Now with clear directives being issued by the ministry to constructors for a consolidated approach to existing projects, adherence to strict implementation timelines, stringent monitoring of work on rural roads, and enhanced use of technologies to ramp of road building, India looks to be on actions stations on the roads and highways front.

To ensure efficient execution of all projects and to minimise external dependence reputed contractors like GMR, HCC, L&T and IL&FS are known to deploy state of the art machinery and employ specialists divisions for tunneling, formwork, readymix concrete, asphalt, rock processing or precast. But very obviously considering the scale of the operations required to be accomplished across the nation more needs to be done to achieve the twin objectives of timely and qualitative completion of road projects.

Very obviously the answer lies in a next generation leap in areas like quality control, quality assurance, usage of alternate materials for soil-stabilisation, recycling of pavement materials, pavement preservation and cost-effective treatments to overcome poor performance of roads. Highway construction also takes into account factors such as current and expected traffic flows of the future -- currently slow average speeds on the highways due to high road density and non-availability of access-control measures allows cargo laden trucks to travel only 225-250 km per hour. There are then elements like geometric design of intersections and interchanges, pavement thickness and maintenance to be considered. Increasing demand to raise speed levels and quality of construction has led to use of innovative, cost saving and speed enhancing techniques. Firms like GMR took the early lead in introducing technologies for construction and maintenance of roads, highways, bridges and tunnels. These included solar lighting for highways and advanced tolling system with Electronic Toll Collection. Despite these introductions Indian roads are still regarded as lagging behind western countries owing to codes that have been in existence for far too long and also due to recalcitrance to change.

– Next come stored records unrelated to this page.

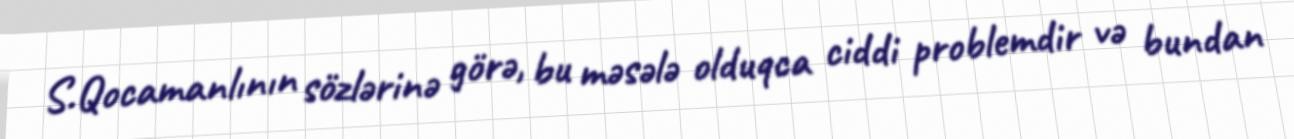
S.Qocamanlının sözlərinə görə, bu məsələ olduqca ciddi problemdir və bundan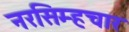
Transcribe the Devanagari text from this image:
नरसिम्हचार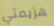
هزيمتي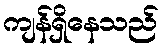
ကျန်ရှိနေသည်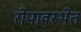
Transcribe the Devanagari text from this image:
रोपावस्थेत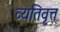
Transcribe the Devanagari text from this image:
व्यतिवृत्त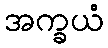
အက္ခယံ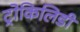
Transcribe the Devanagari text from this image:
ट्रोकिलिडी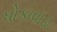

“Advanced technological solutions and equipment and change in existing operational methodologies are required to achieve high growth targets in the roads and highways segment,” says Ankineedu Maganti, Managing Director, Soma Enterprise Ltd.

Ergo, India’s emerging roads and highways landscape present a huge growth opportunity for technology providers. Global Road Technology, an Australian firm which has set up base in Pune, provides disruptive, and mine management technologies to create better and safer roads. Ben James, Chief Executive Officer, GRT, says, “The road sector in India is in desperate need of new technologies. Not only to improve speed and quality, but also to introduce more environmentally friendly construction techniques to cut down on quarrying, transportation of materials and use of water and fuel. Overall the fundamentals of the roads and highways space continue to present a major opportunity and we are investing accordingly.”


Equipment Push

It is not difficult at present to view the roads and highways sector as the bread and butter source for most construction equipment manufacturers. Even for digger giant JCB, which has positioned itself as a one stop shop for all equipment required for India’s infrastructure needs, there is no denying that it is the roads and highways sector which drives business volumes. Jasmeet Singh, Head, Corporate Communications and External Relations, JCB India Limited, explains, “When we look at the development around us it is clear that it is predominantly riding on the shoulders of the roads and highways. Essentially that means not just for us individually as a company, but even from the construction equipment industry perspective, the road and highways sector becomes a very important parameter of growth. As of now it is absolutely without doubt the star, the No 1 contributor.”
Spurred by the huge business prospects from the road sector, Volvo CE recently launched the midsized P6820C tracked paver. Powered by Volvo’s D6E COM IIIA/EPA Tier 3 engine, the paver is considerably more powerful than its predecessor, while providing lower fuel consumption and less noise. Dimitrov Krishnan, Vice President and Head, Volvo CE India, dilating on the reasons for the product’s launch, says, “We are seeing more interest in equipment at the lower end of the scale as construction of smaller roads in more rural areas gathers pace. This reflects a maturing of the road network in India with many major routes now well into development, requiring work on the byways which will feed the arterial roads.”
Schwing Stetter India, one of the country’s leading concrete equipment manufacturers, recently partnered with GOMACO Corporation to secure sales and service rights for the latter’s range of concrete paving products across the country. The company plans to target $10million in sales in India during its first year of association on the strength of the government’s roads and highways development drive. Anand Sundaresan, Chairman, Schwing Stetter Sales and Services Pvt. Ltd. said, “This is a great opportunity for concreting all the roads in the country. We are pleased to join the world leader in this space.”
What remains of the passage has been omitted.